8. The next step is Lambda “demo-start-polly-lambda”, that takes the translated to Spanish text and creates an audio file. Code is below:

# https://docs.aws.amazon.com/polly/latest/dg/voicelist.html
import boto3
import os

polly_client = boto3.client('polly')

def lambda_handler(event, context):
    payload = event['Input'][0]['Payload']
    payload_other = event['Input'][1]['Payload']

    payload.update(payload_other)

    translatedText = payload['TranslatedText']
    transcriptionJobName = payload['TranscriptionJobName']
    sentiment = payload['Sentiment']

    response = polly_client.start_speech_synthesis_task(
        LanguageCode=os.environ['LANGUAGECODE'],
        OutputFormat='mp3',
        OutputS3BucketName=os.environ['OUTPUTS3BUCKETNAME'],
        OutputS3KeyPrefix=f'{sentiment}/{transcriptionJobName}',
        Text=translatedText,
        TextType='text',
        VoiceId=os.environ['VOICEID']
    )

    return {
        'TaskId': response['SynthesisTask']['TaskId'],
        'TranscriptionJobName': transcriptionJobName
    }

During the test we upload two different audio files in English, in the first one a person says: “Gloomy days are the worst.
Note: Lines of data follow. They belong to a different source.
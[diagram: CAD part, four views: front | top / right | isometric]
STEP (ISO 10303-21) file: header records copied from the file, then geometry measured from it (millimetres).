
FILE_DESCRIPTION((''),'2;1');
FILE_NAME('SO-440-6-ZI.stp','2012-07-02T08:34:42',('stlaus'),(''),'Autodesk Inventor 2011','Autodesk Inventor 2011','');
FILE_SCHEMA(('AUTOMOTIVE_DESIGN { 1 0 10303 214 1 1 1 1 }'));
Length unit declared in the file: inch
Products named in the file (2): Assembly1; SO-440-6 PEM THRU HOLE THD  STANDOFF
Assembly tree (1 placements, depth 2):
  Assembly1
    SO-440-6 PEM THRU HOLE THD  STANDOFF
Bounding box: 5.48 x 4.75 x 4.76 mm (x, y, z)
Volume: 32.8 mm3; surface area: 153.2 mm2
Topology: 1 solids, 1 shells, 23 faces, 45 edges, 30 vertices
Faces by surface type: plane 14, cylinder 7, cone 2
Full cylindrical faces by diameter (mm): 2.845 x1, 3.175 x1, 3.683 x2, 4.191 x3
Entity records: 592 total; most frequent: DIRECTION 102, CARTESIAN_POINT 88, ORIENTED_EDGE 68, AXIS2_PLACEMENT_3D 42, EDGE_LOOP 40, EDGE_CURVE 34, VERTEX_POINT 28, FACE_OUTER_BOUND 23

Why can't the Sun be Out Instead? There's always Tomorrow, I guess?”.

In the second file a person says: “It is a great day to be you. Seize the day and believe that you can do anything you set your mind to.

You should use amazon transcribe to turn text into lifelike speech using deep learning.
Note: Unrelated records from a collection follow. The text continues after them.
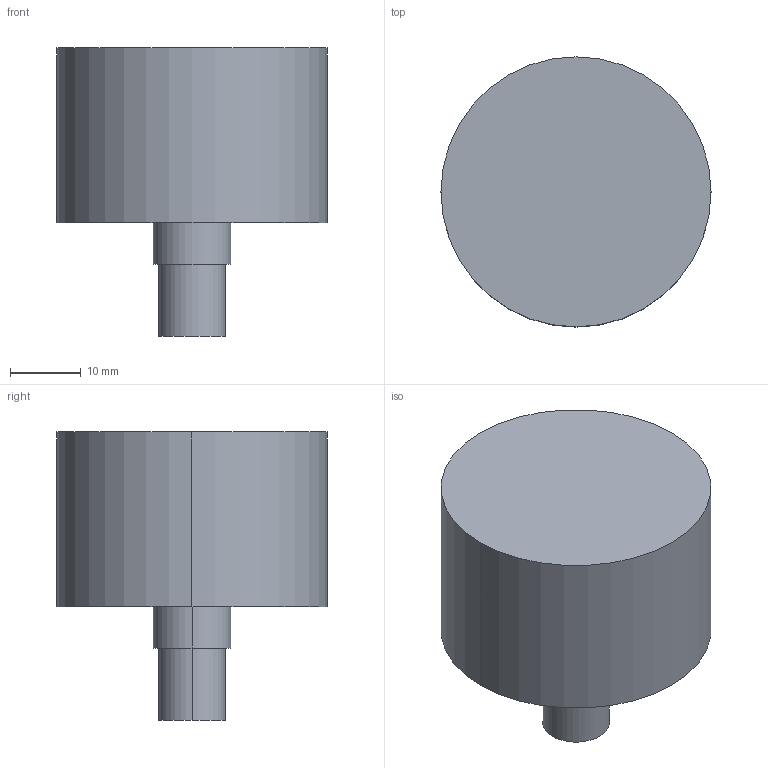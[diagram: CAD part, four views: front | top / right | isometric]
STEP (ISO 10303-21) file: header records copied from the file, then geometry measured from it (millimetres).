
FILE_DESCRIPTION (( 'STEP AP214' ), '1' );
FILE_NAME ('PressureGauge.step', '2018-12-19T16:09:00', ( '' ), ( '' ), 'SwSTEP 2.0', 'SolidWorks 2018', '' );
FILE_SCHEMA (( 'AUTOMOTIVE_DESIGN' ));
Length unit declared in the file: inch
Products named in the file (1): PressureGauge
Bounding box: 38.1 x 38.1 x 40.64 mm (x, y, z)
Volume: 29341.7 mm3; surface area: 5729.6 mm2
Topology: 1 solids, 1 shells, 10 faces, 18 edges, 12 vertices
Faces by surface type: cylinder 6, plane 4
Entity records: 294 total; most frequent: DIRECTION 52, CARTESIAN_POINT 41, ORIENTED_EDGE 36, AXIS2_PLACEMENT_3D 23, EDGE_CURVE 18, CIRCLE 12, EDGE_LOOP 12, VERTEX_POINT 12

Transcriptions were completed:

You should use amazon transcribe to turn text into lifelike speech using deep learning.

After comprehension, translation and converting to speech we can see two folders in the output bucket:

You should use amazon transcribe to turn text into lifelike speech using deep learning.

In the “POSITIVE” folder we can see a file “GreatDayToBeYou.mp3” in Spanish:

You should use amazon transcribe to turn text into lifelike speech using deep learning.
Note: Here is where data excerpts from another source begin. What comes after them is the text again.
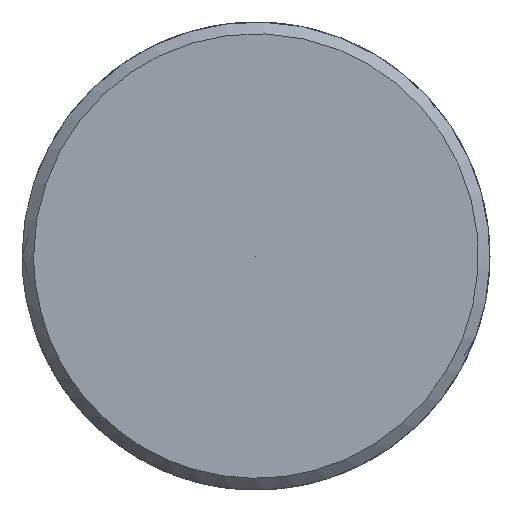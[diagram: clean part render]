
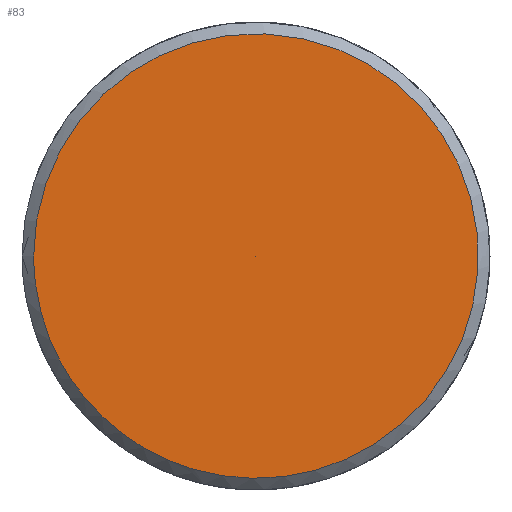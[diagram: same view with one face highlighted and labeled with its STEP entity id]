
A CAD part, left-side view. The second image highlights one B-rep face of the part: STEP entity #83.
In plain terms, the highlighted free-form (B-spline) face has degree [5, 1] with [6, 2] control points.
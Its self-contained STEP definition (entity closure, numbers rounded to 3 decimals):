
#3 = CARTESIAN_POINT ('', (-100., 4.75, 0.));
#4 = VERTEX_POINT ('', #3);
#22 = CARTESIAN_POINT ('', (-100., 4.75, 0.));
#23 = CARTESIAN_POINT ('', (-100., 4.75, 19.));
#24 = CARTESIAN_POINT ('', (-100., -14.25, 9.5));
#25 = CARTESIAN_POINT ('', (-100., -14.25, -9.5));
#26 = CARTESIAN_POINT ('', (-100., 4.75, -19.));
#27 = CARTESIAN_POINT ('', (-100., 4.75, 0.));
#28 = (
   BOUNDED_CURVE ()
   B_SPLINE_CURVE (5, (#22, #23, #24, #25, #26, #27), .UNSPECIFIED., .T., .U.)
   B_SPLINE_CURVE_WITH_KNOTS ((6, 6), (0., 1.), .UNSPECIFIED.)
   CURVE ()
   GEOMETRIC_REPRESENTATION_ITEM ()
   RATIONAL_B_SPLINE_CURVE ((5., 1., 1., 1., 1., 5.))
   REPRESENTATION_ITEM ('')
);
#29 = EDGE_CURVE ('', #4, #4, #28, .T.);
#59 = CARTESIAN_POINT ('', (-100., 0., 0.));
#60 = VERTEX_POINT ('', #59);
#61 = CARTESIAN_POINT ('', (-100., 4.75, 0.));
#62 = CARTESIAN_POINT ('', (-100., 0., 0.));
#63 = B_SPLINE_CURVE_WITH_KNOTS ('', 1, (#61, #62), .UNSPECIFIED., .F., .U., (2, 2), (0., 1.), .UNSPECIFIED.);
#64 = EDGE_CURVE ('', #4, #60, #63, .T.);
#65 = ORIENTED_EDGE ('', *, *, #64, .F.);
#66 = ORIENTED_EDGE ('', *, *, #29, .T.);
#67 = ORIENTED_EDGE ('', *, *, #64, .T.);
#68 = EDGE_LOOP ('', (#65, #66, #67));
#69 = FACE_OUTER_BOUND ('', #68, .F.);
#70 = CARTESIAN_POINT ('', (-100., 4.75, 0.));
#71 = CARTESIAN_POINT ('', (-100., 0., 0.));
#72 = CARTESIAN_POINT ('', (-100., 4.75, 19.));
#73 = CARTESIAN_POINT ('', (-100., 0., 0.));
#74 = CARTESIAN_POINT ('', (-100., -14.25, 9.5));
#75 = CARTESIAN_POINT ('', (-100., 0., 0.));
#76 = CARTESIAN_POINT ('', (-100., -14.25, -9.5));
#77 = CARTESIAN_POINT ('', (-100., 0., 0.));
#78 = CARTESIAN_POINT ('', (-100., 4.75, -19.));
#79 = CARTESIAN_POINT ('', (-100., 0., 0.));
#80 = CARTESIAN_POINT ('', (-100., 4.75, 0.));
#81 = CARTESIAN_POINT ('', (-100., 0., 0.));
#82 = (
   BOUNDED_SURFACE ()
   B_SPLINE_SURFACE (5, 1, ((#70, #71), (#72, #73), (#74, #75), (#76, #77), (#78, #79), (#80, #81)), .UNSPECIFIED., .T., .F., .U.)
   B_SPLINE_SURFACE_WITH_KNOTS ((6, 6), (2, 2), (0., 1.), (0., 1.), .UNSPECIFIED.)
   SURFACE ()
   GEOMETRIC_REPRESENTATION_ITEM ()
   RATIONAL_B_SPLINE_SURFACE (((5., 5.), (1., 1.), (1., 1.), (1., 1.), (1., 1.), (5., 5.)))
   REPRESENTATION_ITEM ('')
);
#83 = ADVANCED_FACE ('', (#69), #82, .F.);

In the “NEGATIVE” folder we can find “GloomyDays.mp3”

You should use amazon transcribe to turn text into lifelike speech using deep learning.

Conclusion

There are many interesting, helpful and easy-to-use services in the AWS Machine Learning family. We have covered Polly, Transcribe, Textract, Comprehend and Translate and tried them in the task, where we needed to process, translate, comprehend and create audio files. Of course, you can train and use your own ML model for all descriptited cases, but first of all you need to understand if it’s really worth investing time. AWS is continuously improving and training modes that are behind mentioned services and you don’t need to look after infrastructure and logic they are based on.

Which AWS service helps customers to automatically convert speech to text?

Amazon Transcribe is an AWS service that makes it easy for customers to convert speech-to-text.

Which tool allows you to centrally manage all users and roles permissions in your organization in AWS?

AWS Organizations is an account management service that enables you to consolidate multiple AWS accounts into an organization that you create and centrally manage.

Which tool allows you to centrally manage all users and roles permissions in your organization technical account manager Tam service control policies IAM config?

S18/Q02: Which tool allows you to centrally manage all users and roles permissions in your organization? Service control policies (SCPs) are a type of organization policy that you can use to manage permissions in your organization. An SCP spans all IAM users, groups, and roles, including the AWS account root user.

Which of the following statements about AWS regions is true?

The statement "An availability zone's name (for example, us-east-1a) may change across AWS accounts" is true, as different accounts may remap AZs to different names to ensure better resource distribution.